Recent Advances in the Reductive Chemistry of the Rare Earth and Actinide Metals
Abstract: It is now known that the formal +2 oxidation state is accessible in crystallographically characterizable molecular complexes for all the rare earth metals, except radioactive Pm. Previously, complexes of the +2 ions had only been crystallized for Eu, Yb, Sm, Tm, Dy, and Nd. The new oxidation states were found in the tris(cyclopentadienyl) coordination environments, (Cp'3)3- and (Cp"3)3-, where Cp' = C5H4SiMe3 and Cp" = C5H3(SiMe3)2. In these ligand fields, reduction of 4fn Ln3+ lanthanide precursor complexes formed 4fn5d1 products rather than the traditional 4fn+1 Ln2+ ions of Eu, Yb, Sm, Tm, Dy, and Nd. Complexes of new +2 actinide ions of Th, U and Pu have also been discovered in these tris(cyclopentadienyl) coordination environments.

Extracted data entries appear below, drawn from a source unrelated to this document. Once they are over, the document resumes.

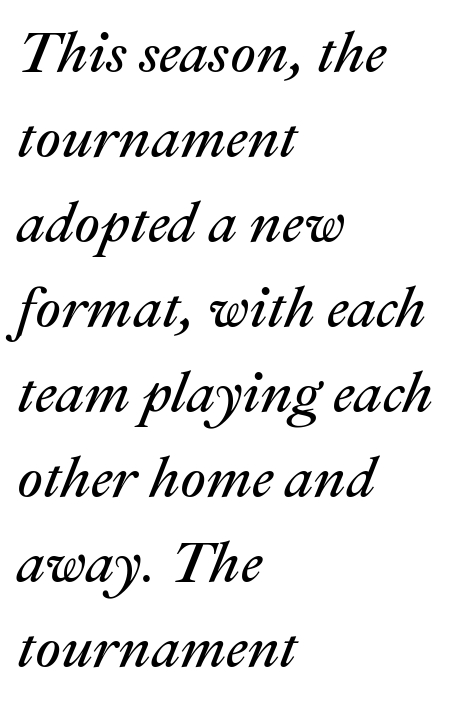
{"italic": "yes", "lean": "right", "slant_degrees": 22, "bold": "no", "weight": "regular", "width": "normal", "stroke_contrast": "medium", "x_height": "medium", "monospaced": "no", "underline": "no", "align": "left", "line_spacing": "normal", "line_spacing_ratio": 1.49, "letter_spacing": "normal", "letter_spacing_em": 0.0, "glyph_px": 57}
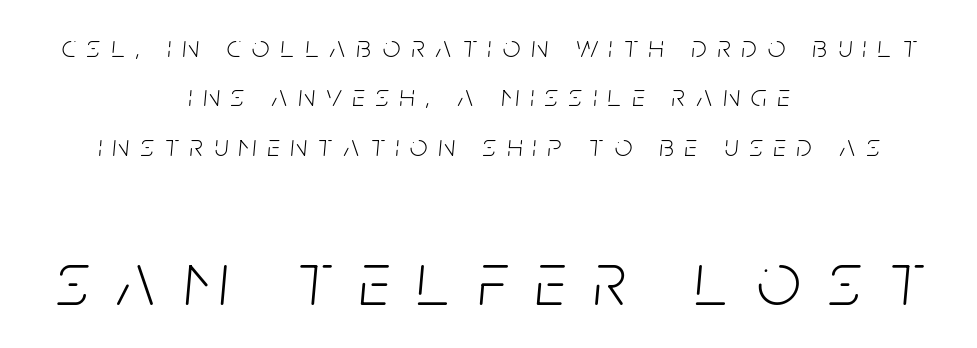
The image shows 77 px light, condensed type, italic (leaning right); set centered, normal line spacing (1.59x), unusually wide letter spacing (+0.36 em), not underlined; the second (bottom) block is 2.48x larger; low stroke contrast and a large x-height.
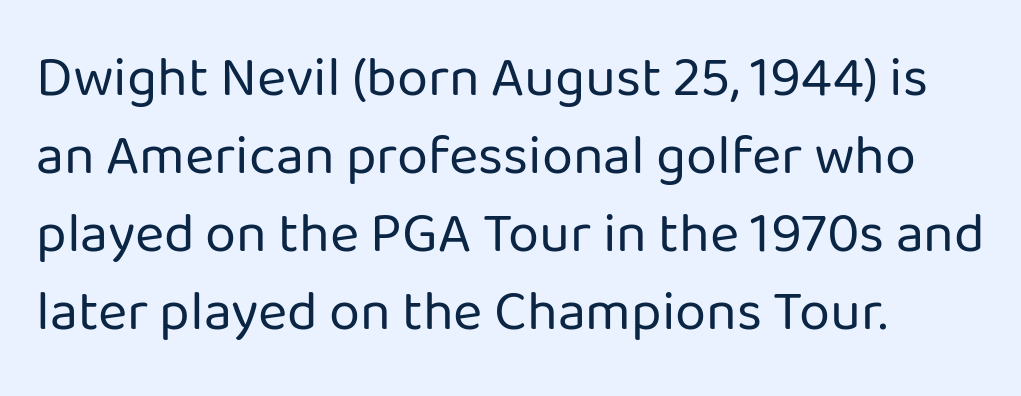
Standard letterfit; no display-style spreading of the glyphs. When letters stand straight like this, we call the style roman or upright. Think standard paragraph weight, or any step lighter than that. Character widths vary here, with narrow letters taking less room than wide ones. The space between consecutive lines is moderate.
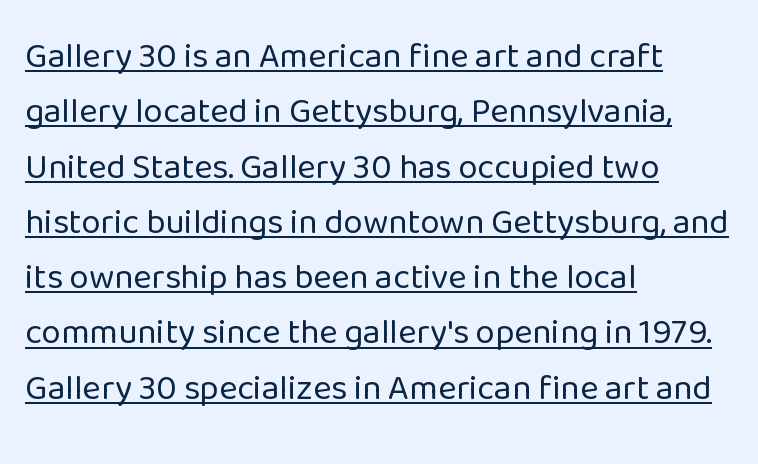
Q: Is the text bold? A: No.
Q: Is the text italic (slanted)? A: No, it is upright.
Q: Is the typeface a serif or a sans-serif typeface? A: Sans-serif.
Q: Is the text underlined? A: Yes.
Q: How is the paragraph aligned? A: Left-aligned.
Q: Is the spacing between letters normal or unusually wide? A: Normal.
Q: Is the spacing between lines tight, normal or loose? A: Normal.
Q: Width (condensed, normal, or wide)? A: Normal.
Q: Stroke contrast? A: Low.
Q: x-height? A: Medium.
Q: Monospaced? A: No.
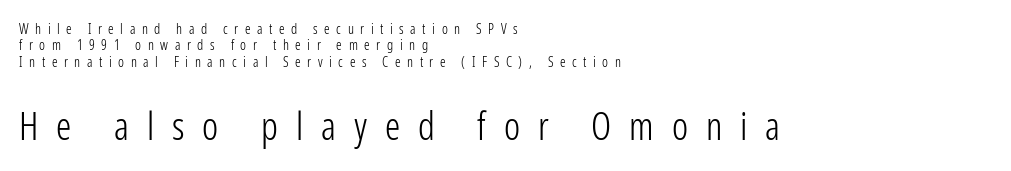
The image shows 38 px light, condensed sans-serif type, upright; set left-aligned, line spacing 1.17x, unusually wide letter spacing (+0.47 em), not underlined; the second (bottom) block is 2.71x larger; low stroke contrast and a medium x-height.
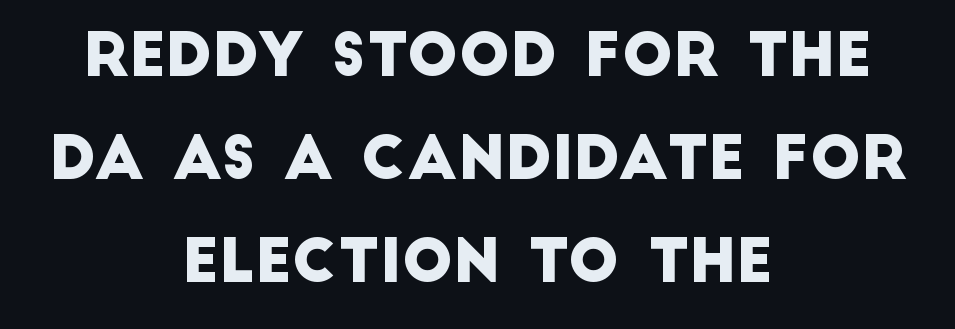
{"serif": "no", "width": "normal", "stroke_contrast": "low", "x_height": "large", "monospaced": "no", "underline": "no", "align": "center", "line_spacing_ratio": 1.72, "letter_spacing": "normal", "letter_spacing_em": 0.0, "glyph_px": 60}
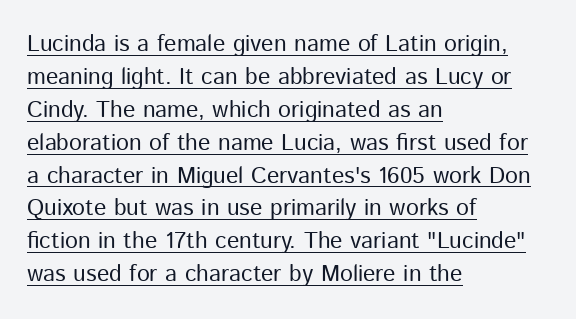
{"italic": "no", "bold": "no", "underline": "yes", "align": "left", "line_spacing": "normal", "line_spacing_ratio": 1.43, "letter_spacing": "normal", "letter_spacing_em": 0.0, "glyph_px": 23}
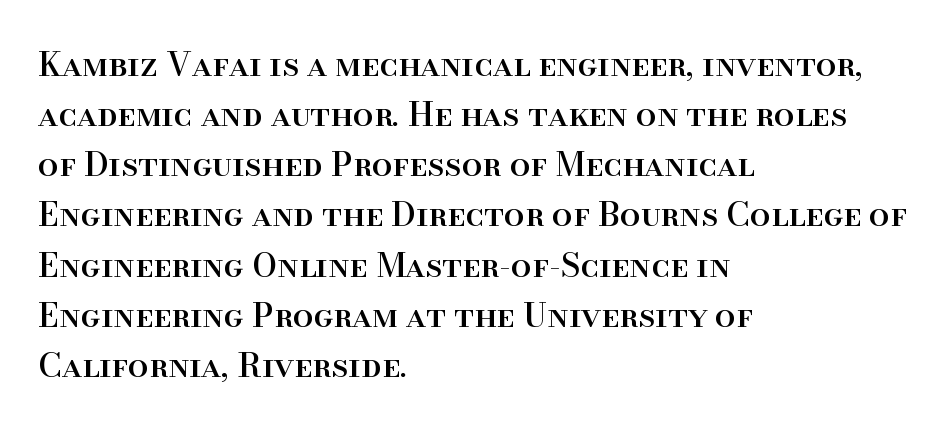
{"serif": "yes", "italic": "no", "width": "normal", "stroke_contrast": "high", "x_height": "small", "monospaced": "no", "underline": "no", "align": "left", "line_spacing": "normal", "line_spacing_ratio": 1.52, "letter_spacing": "normal", "letter_spacing_em": 0.0, "glyph_px": 33}
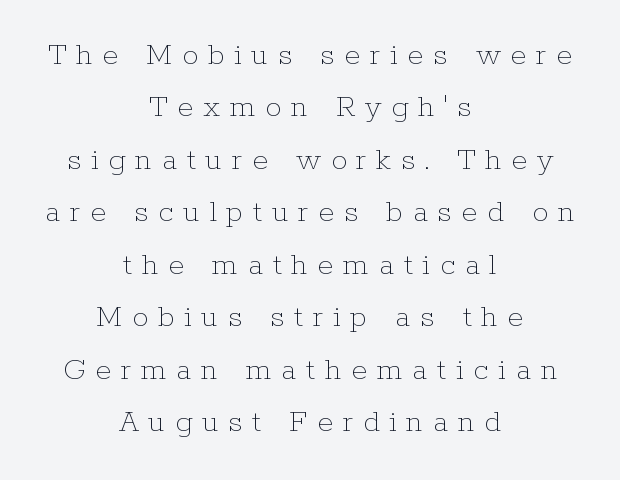
Letter spacing: wide. Descender tails drop into unmarked territory. You could not count columns in this text — the font is proportionally spaced. A roman cut, with each character standing at attention. The vertical gap from one line to the next is medium. The rag falls on both sides of this text block equally.
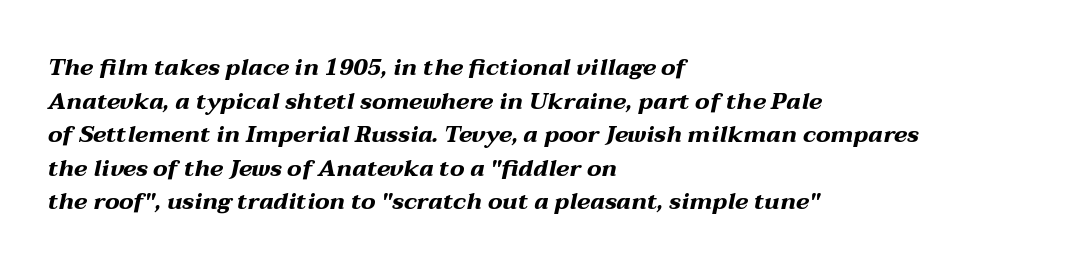
Is the letter spacing exaggerated? No — it looks like the ordinary default. Strong, thick strokes mark this as bold type. Each row of text sits above clean, open space. If you drew a line through each stem, it would be angled. Leading: standard.
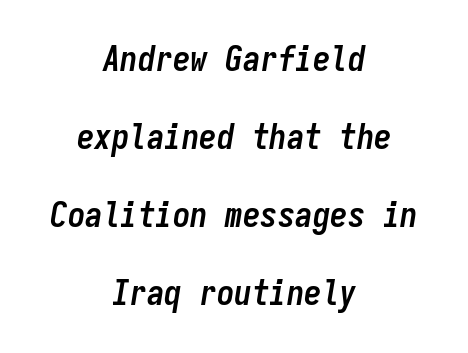
{"italic": "yes", "lean": "right", "slant_degrees": 9, "bold": "yes", "weight": "semibold", "width": "condensed", "stroke_contrast": "low", "x_height": "medium", "monospaced": "yes", "underline": "no", "align": "center", "line_spacing": "loose", "line_spacing_ratio": 2.23, "letter_spacing": "normal", "letter_spacing_em": 0.0, "glyph_px": 35}
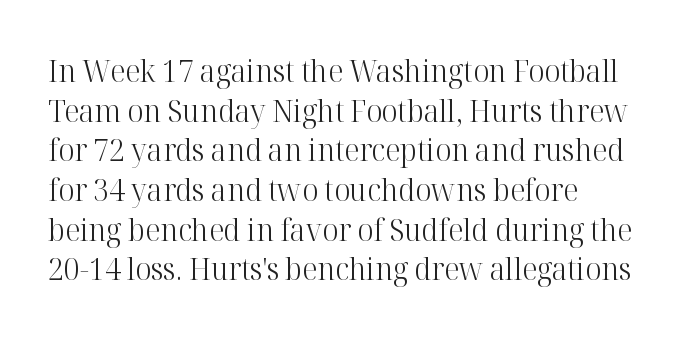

The synthetic studies of the past few years have led to a coherent generalization of ligand effects on the reduction reactions that led to complexes of these new +2 ions.This postulated that in the coordination environment of three Cp' or Cp" ligands, crystallograpically characterizable complexes of +2 ions can be isolated, but that with more strongly donating ligands such as C5Me4H, C5Me5, and N(SiMe3)2, the analogous +2 species are too reactive to isolate. On the other hand, reductions of LnA3 complexes (Ln = rare-earth metal; A = anion) of the latter, strongly donating ligands are excellent routes to reduced dinitrogen complexes containing side-on bound (N=N)2- ligands, but reductions of Cp' and Cp" ligated complexes do not readily form (N=N)2- products.This presentation will describe how recent synthetic results have shown that these generalizations require significant modification!
This seminar will describe how the reductive chemistry of these metals continues to evolve.